We provide GGML checkpoints used in the apps whisper.cpp and MacWhisper. To use our model with whisper.cpp first clone the repository and build the library:

git clone https://github.com/ggerganov/whisper.cpp.git
cd whisper.cpp
cmake -B build
cmake --build build --config Release

To use the model you need to download one of the GGML checkpoints we have uploaded.
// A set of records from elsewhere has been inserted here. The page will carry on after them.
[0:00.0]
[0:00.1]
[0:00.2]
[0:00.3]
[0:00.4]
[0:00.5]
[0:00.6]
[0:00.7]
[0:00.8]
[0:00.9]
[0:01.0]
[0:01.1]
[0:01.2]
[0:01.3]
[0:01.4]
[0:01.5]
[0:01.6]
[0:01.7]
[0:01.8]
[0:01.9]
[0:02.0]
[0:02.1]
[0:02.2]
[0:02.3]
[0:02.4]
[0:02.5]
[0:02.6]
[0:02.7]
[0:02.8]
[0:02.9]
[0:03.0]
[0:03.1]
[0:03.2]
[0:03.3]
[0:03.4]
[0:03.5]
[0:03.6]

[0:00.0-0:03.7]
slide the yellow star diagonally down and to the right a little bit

You can either press the download buttons here, or download using wget:

wget https://huggingface.co/KBLab/kb-whisper-large/resolve/main/ggml-model-q5_0.bin # Quantized version
# wget https://huggingface.co/KBLab/kb-whisper-large/resolve/main/ggml-model.bin # Non-quantized version

Run inference by specifying the model path after the argument -m, along with the path to the audio file as the last positional argument.
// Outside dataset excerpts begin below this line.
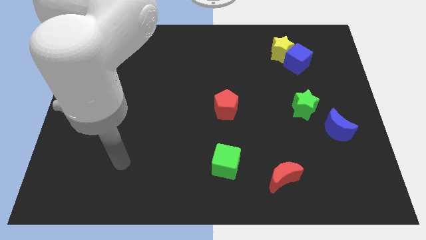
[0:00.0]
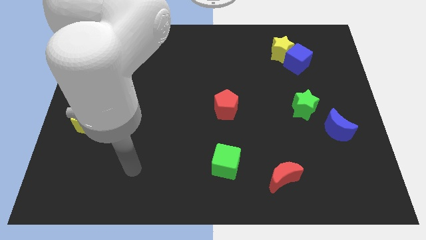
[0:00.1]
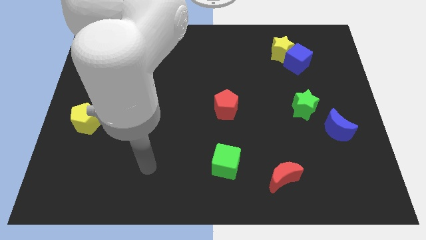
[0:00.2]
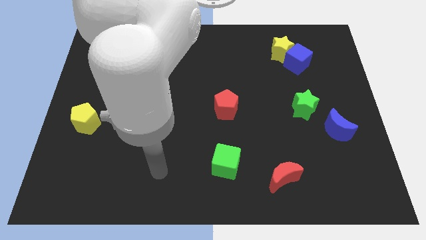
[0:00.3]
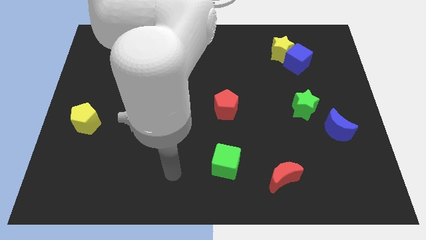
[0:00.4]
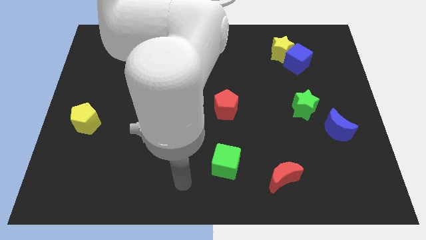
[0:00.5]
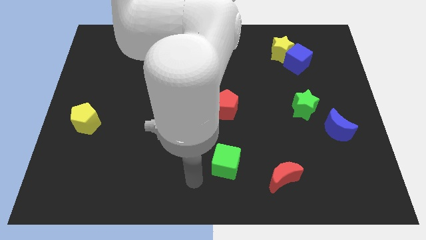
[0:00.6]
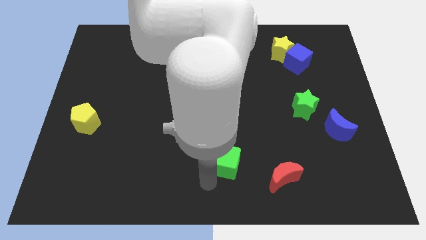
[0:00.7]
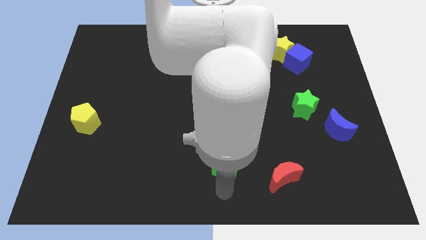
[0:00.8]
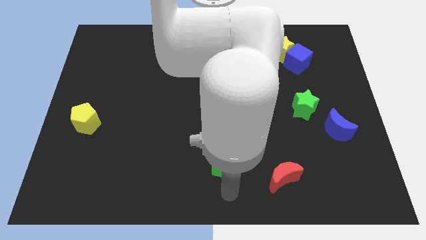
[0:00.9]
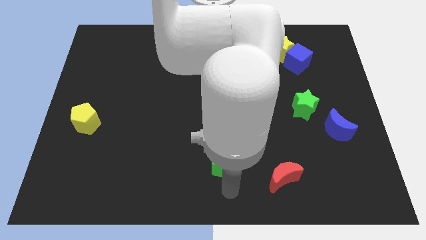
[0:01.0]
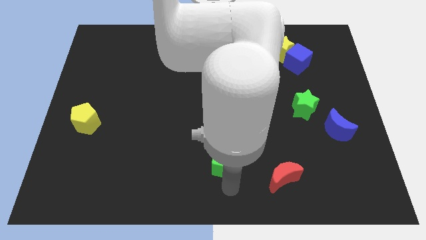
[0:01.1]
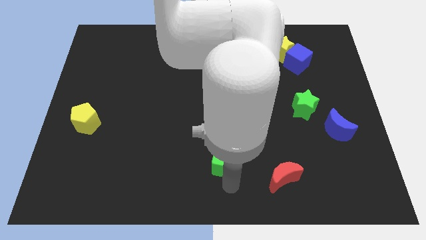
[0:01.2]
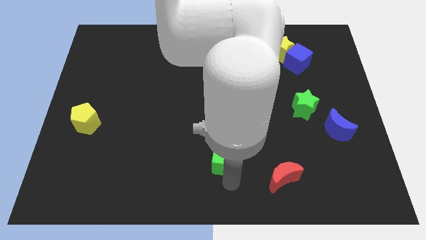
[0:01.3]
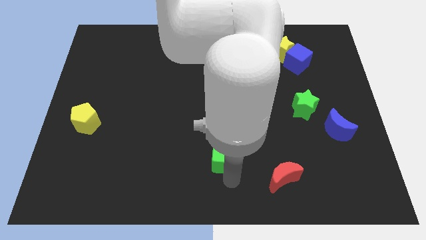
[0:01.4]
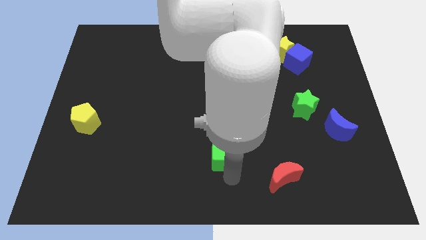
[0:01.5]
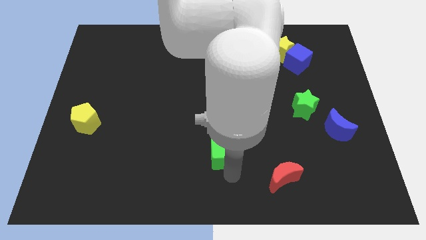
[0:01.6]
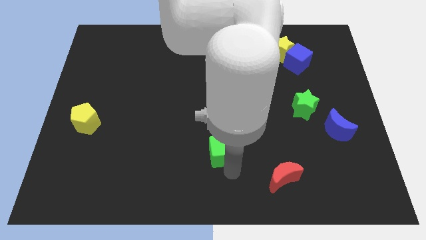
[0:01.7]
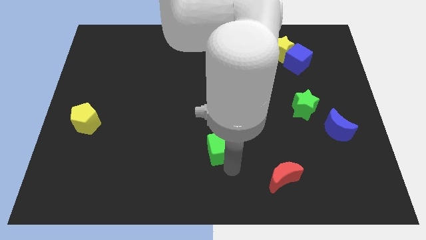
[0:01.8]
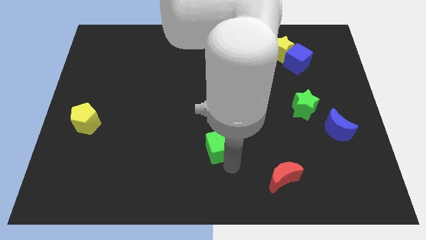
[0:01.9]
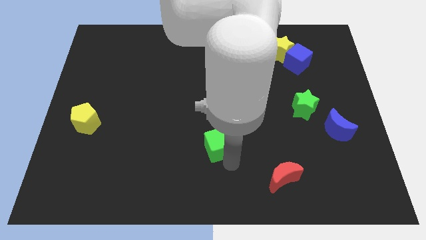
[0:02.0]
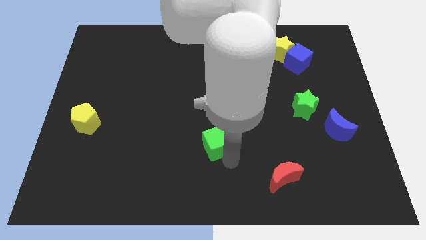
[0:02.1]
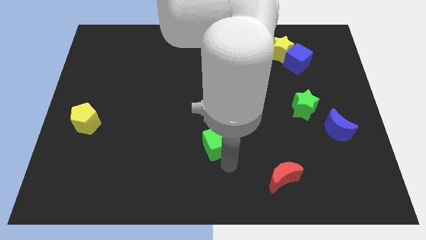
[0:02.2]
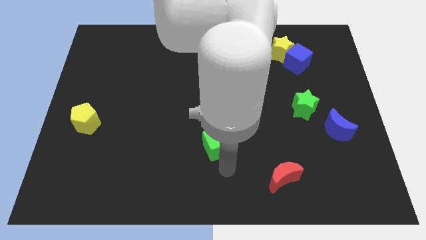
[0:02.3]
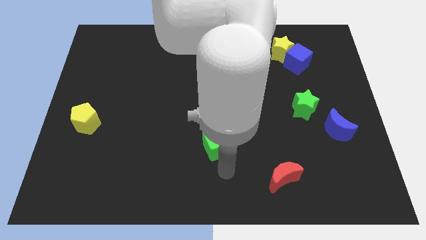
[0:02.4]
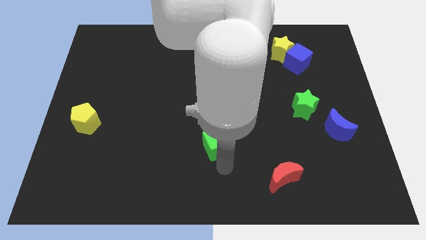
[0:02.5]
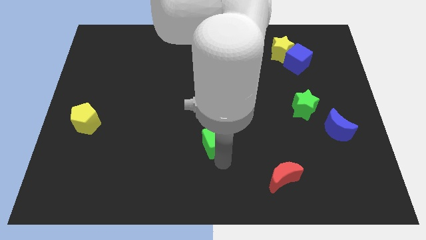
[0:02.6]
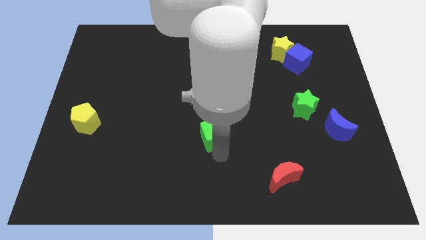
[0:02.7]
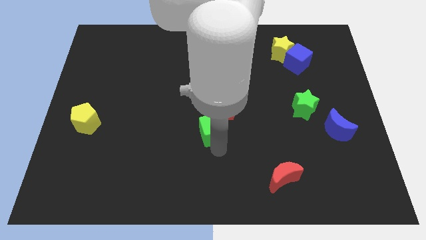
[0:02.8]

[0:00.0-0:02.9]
move the green cube up a little bit

./build/bin/whisper-cli -m ggml-model-q5_0.bin ../audio.wav

onnx (optimum) and transformers.js usage

You can use the onnx checkpoints via Hugging Face's optimum library in the following manner:

from optimum.onnxruntime import ORTModelForSpeechSeq2Seq
from transformers import AutoProcessor

model_id = "KBLab/kb-whisper-large"
processor = AutoProcessor.from_pretrained(model_id, cache_dir="cache")
model = ORTModelForSpeechSeq2Seq.from_pretrained(
    model_id,
    cache_dir="cache",
    subfolder="onnx",
)

import soundfile as sf
audio = sf.read("audio.wav")

inputs = processor.feature_extractor(audio[0], sampling_rate=16000, return_tensors="pt")
gen_tokens = model.generate(**inputs, max_length=300)
processor.decode(gen_tokens[0], skip_special_tokens=True)
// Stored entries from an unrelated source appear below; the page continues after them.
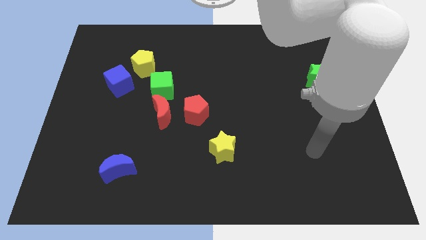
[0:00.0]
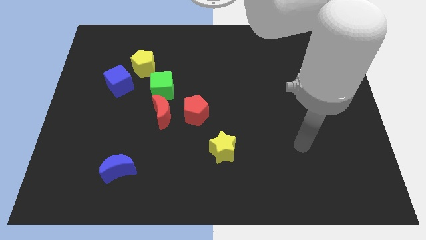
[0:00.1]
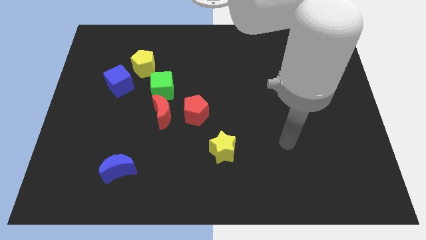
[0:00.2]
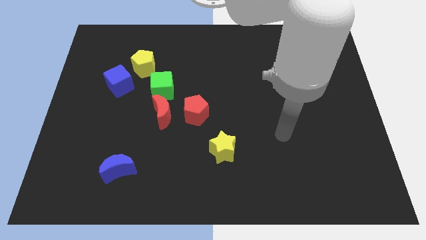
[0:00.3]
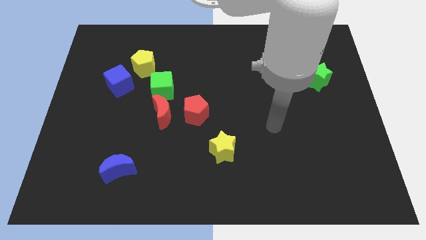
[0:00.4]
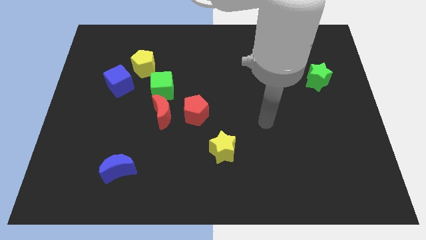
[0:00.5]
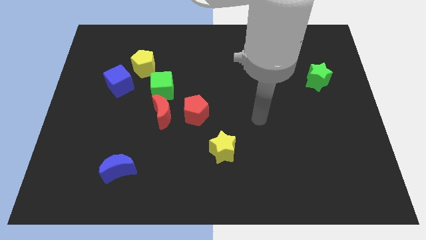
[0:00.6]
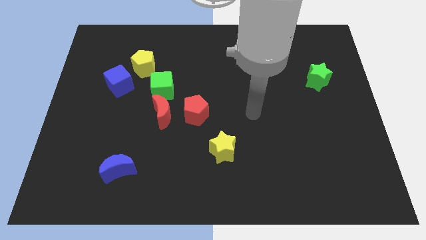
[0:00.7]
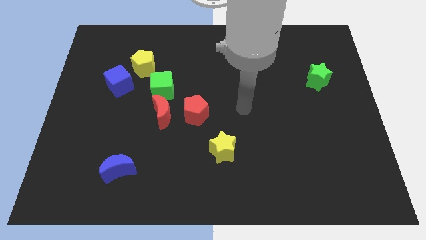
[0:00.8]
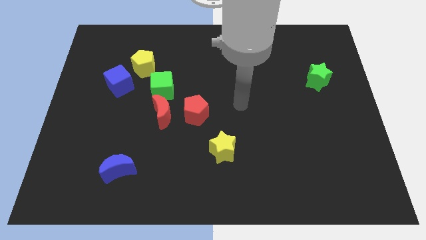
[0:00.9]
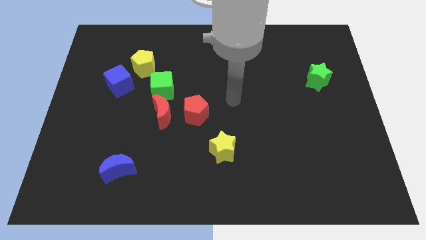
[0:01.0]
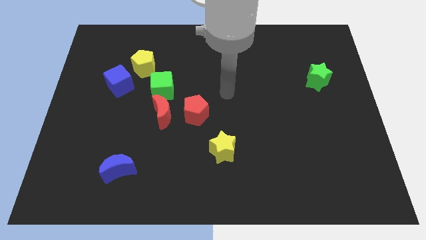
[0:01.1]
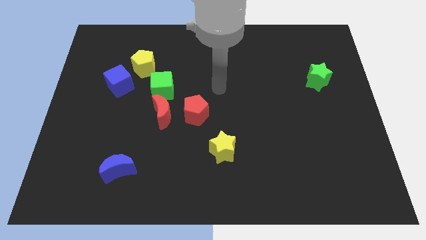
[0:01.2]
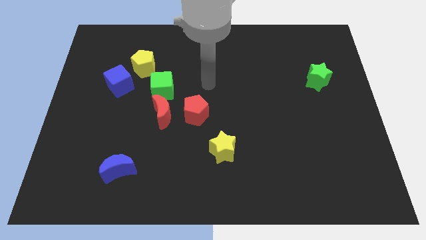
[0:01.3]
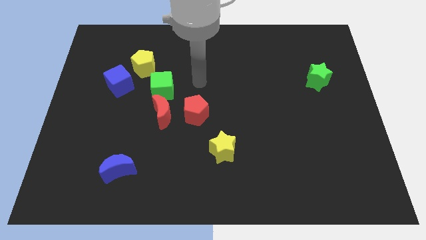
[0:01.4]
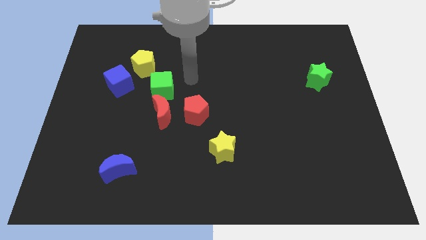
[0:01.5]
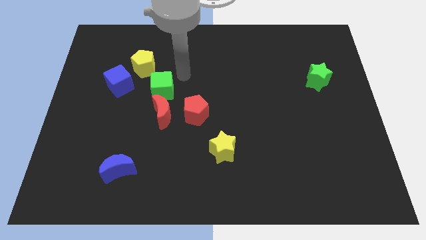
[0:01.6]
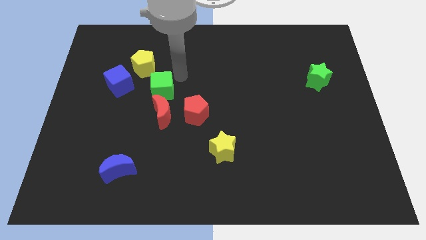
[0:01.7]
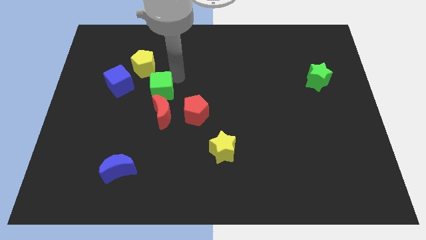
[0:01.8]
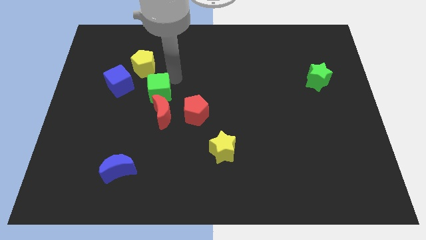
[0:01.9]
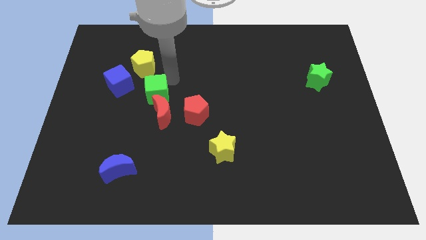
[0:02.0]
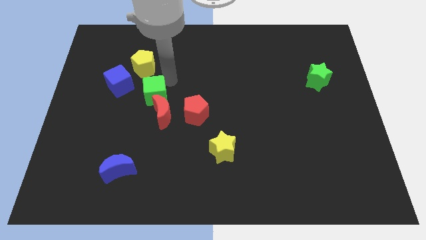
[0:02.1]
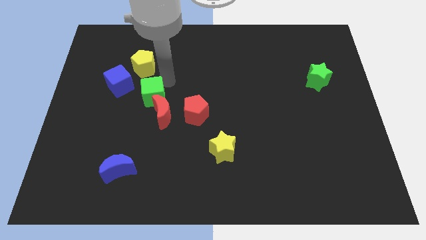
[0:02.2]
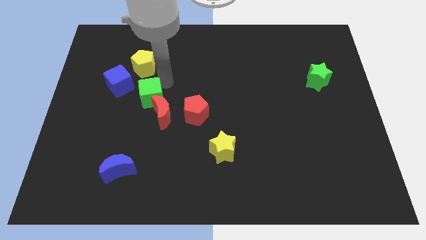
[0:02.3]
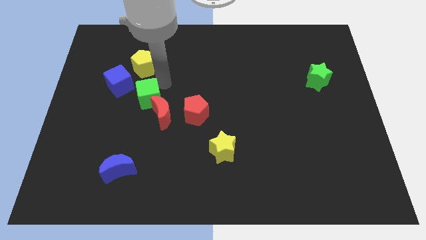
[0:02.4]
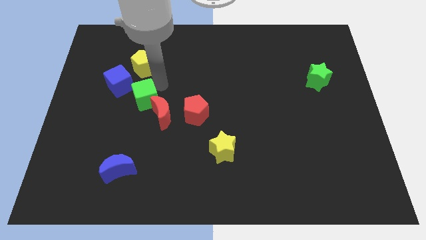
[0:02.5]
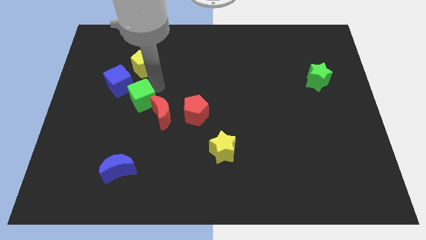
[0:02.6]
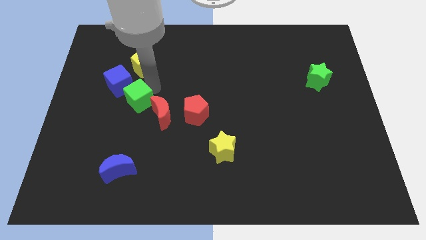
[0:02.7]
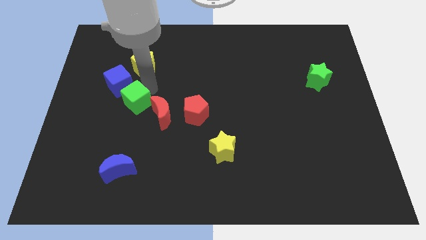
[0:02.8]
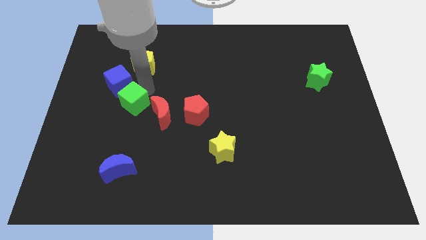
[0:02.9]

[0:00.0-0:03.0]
push the green cube down and then to the left slightly

An example of an app that runs inference locally in the browser with transformers.js and KB-Whisper can be found at https://whisper.mesu.re/ (created by Pierre Mesure). A template for setting up such an app with javascript can be found at https://github.com/xenova/whisper-web.

Training data

Our models have been trained on over 50,000 hours of Swedish audio with text transcriptions. The models were trained in 2 stages, each characterized by the application of different quality filters and thresholds for said filters.

Stage 1 employed low threshold values (0 to 0.30 BLEU depending on dataset), whereas Stage 2 used stricter thresholds (BLEU >= 0.7, weighted ROUGE-N >= 0.7, CER of first and last 10 characters <= 0.2).

Dataset	Continued pretraining (h) -- Stage 1	Finetuning (h) -- Stage 2
Subtitles	34,261	3,110
Riksdag	21,949	5,119
ISOF	54	54
NST	250	250
Total	56,514	8,533

The default when loading our models through Hugging Face is Stage 2. We have however also uploaded continued pretraining checkpoints and tagged them. You can load these other checkpoints by specifying the revision in .from_pretrained(). The pretrained checkpoints tag can for example be found here: pretrained-checkpoint. The Stage 2 default model tag is named standard. We supply a different stage 2 checkpoint -- with a more condensed style of transcribing -- under the name subtitle.

Evaluation

WER

Model size		FLEURS	CommonVoice	NST
tiny	KBLab	13.2	12.9	11.2
	OpenAI	59.2	67.8	85.2
base	KBLab	9.1	8.7	7.8
	OpenAI	39.6	52.1	53.4
small	KBLab	7.3	6.4	6.6
	OpenAI	20.6	26.4	26.4
medium	KBLab	6.6	5.4	5.8
	OpenAI	12.1	15.8	17.1
large-v3	KBLab	5.4	4.1	5.2
	OpenAI	7.8	9.5	11.3

BLEU Score

Model size		FLEURS	CommonVoice	NST
tiny	KBLab	76.6	73.7	74.3
	OpenAI	26.9	21.1	24.0
base	KBLab	83.2	79.9	78.3
	OpenAI	41.1	32.5	36.9
small	KBLab	86.6	83.5	79.6
	OpenAI	64.0	56.5	58.2
medium	KBLab	87.6	85.0	80.2
	OpenAI	77.1	70.1	68.9
large-v3	KBLab	89.8	87.2	81.1
	OpenAI	84.9	79.1	75.1

Acknowledgements

We acknowledge the EuroHPC Joint Undertaking for awarding this project access to the EuroHPC supercomputer LEONARDO, hosted by CINECA (Italy) and the LEONARDO consortium through an EuroHPC AI and Data-Intensive Applications Access call.